__EXERCISE DETAILS__. Return all of the material exactly; no line may be dropped.

::::::::

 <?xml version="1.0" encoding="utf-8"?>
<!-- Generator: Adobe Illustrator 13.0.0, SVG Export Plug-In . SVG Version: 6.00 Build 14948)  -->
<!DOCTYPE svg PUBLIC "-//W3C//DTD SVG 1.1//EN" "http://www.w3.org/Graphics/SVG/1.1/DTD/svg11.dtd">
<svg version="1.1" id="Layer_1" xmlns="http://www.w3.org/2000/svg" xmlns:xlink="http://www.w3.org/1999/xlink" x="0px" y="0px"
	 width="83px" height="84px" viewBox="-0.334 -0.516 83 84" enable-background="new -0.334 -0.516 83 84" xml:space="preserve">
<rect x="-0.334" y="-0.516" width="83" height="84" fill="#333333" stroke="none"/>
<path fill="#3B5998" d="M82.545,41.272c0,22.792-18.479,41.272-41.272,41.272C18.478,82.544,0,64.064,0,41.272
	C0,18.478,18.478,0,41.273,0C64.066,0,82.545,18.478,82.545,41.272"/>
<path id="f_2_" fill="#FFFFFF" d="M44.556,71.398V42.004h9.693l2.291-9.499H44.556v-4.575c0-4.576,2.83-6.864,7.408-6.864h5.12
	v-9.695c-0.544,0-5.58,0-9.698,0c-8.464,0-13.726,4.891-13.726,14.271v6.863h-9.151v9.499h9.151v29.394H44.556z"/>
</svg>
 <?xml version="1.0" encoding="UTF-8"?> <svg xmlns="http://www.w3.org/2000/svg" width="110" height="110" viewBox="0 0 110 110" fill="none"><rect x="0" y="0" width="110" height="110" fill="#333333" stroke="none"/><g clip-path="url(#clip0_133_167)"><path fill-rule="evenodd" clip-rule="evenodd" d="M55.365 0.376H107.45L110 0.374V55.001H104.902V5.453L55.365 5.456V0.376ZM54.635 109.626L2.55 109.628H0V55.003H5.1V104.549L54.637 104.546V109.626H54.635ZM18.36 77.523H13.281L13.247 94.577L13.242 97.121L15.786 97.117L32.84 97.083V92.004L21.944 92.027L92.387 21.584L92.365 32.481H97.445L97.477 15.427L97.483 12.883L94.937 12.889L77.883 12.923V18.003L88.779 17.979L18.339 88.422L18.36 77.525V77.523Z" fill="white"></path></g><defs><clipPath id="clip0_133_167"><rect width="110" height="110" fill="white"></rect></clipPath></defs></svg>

::::::::

__OUTPUT OF THE TASK__.
 <?xml version="1.0" encoding="utf-8"?>
<!-- Generator: Adobe Illustrator 13.0.0, SVG Export Plug-In . SVG Version: 6.00 Build 14948)  -->
<!DOCTYPE svg PUBLIC "-//W3C//DTD SVG 1.1//EN" "http://www.w3.org/Graphics/SVG/1.1/DTD/svg11.dtd">
<svg version="1.1" id="Layer_1" xmlns="http://www.w3.org/2000/svg" xmlns:xlink="http://www.w3.org/1999/xlink" x="0px" y="0px"
	 width="83px" height="84px" viewBox="-0.334 -0.516 83 84" enable-background="new -0.334 -0.516 83 84" xml:space="preserve">
<rect x="-0.334" y="-0.516" width="83" height="84" fill="#333333" stroke="none"/>
<path fill="#3B5998" d="M82.545,41.272c0,22.792-18.479,41.272-41.272,41.272C18.478,82.544,0,64.064,0,41.272
	C0,18.478,18.478,0,41.273,0C64.066,0,82.545,18.478,82.545,41.272"/>
<path id="f_2_" fill="#FFFFFF" d="M44.556,71.398V42.004h9.693l2.291-9.499H44.556v-4.575c0-4.576,2.83-6.864,7.408-6.864h5.12
	v-9.695c-0.544,0-5.58,0-9.698,0c-8.464,0-13.726,4.891-13.726,14.271v6.863h-9.151v9.499h9.151v29.394H44.556z"/>
</svg>
 <?xml version="1.0" encoding="UTF-8"?> <svg xmlns="http://www.w3.org/2000/svg" width="110" height="110" viewBox="0 0 110 110" fill="none"><rect x="0" y="0" width="110" height="110" fill="#333333" stroke="none"/><g clip-path="url(#clip0_133_167)"><path fill-rule="evenodd" clip-rule="evenodd" d="M55.365 0.376H107.45L110 0.374V55.001H104.902V5.453L55.365 5.456V0.376ZM54.635 109.626L2.55 109.628H0V55.003H5.1V104.549L54.637 104.546V109.626H54.635ZM18.36 77.523H13.281L13.247 94.577L13.242 97.121L15.786 97.117L32.84 97.083V92.004L21.944 92.027L92.387 21.584L92.365 32.481H97.445L97.477 15.427L97.483 12.883L94.937 12.889L77.883 12.923V18.003L88.779 17.979L18.339 88.422L18.36 77.525V77.523Z" fill="white"></path></g><defs><clipPath id="clip0_133_167"><rect width="110" height="110" fill="white"></rect></clipPath></defs></svg>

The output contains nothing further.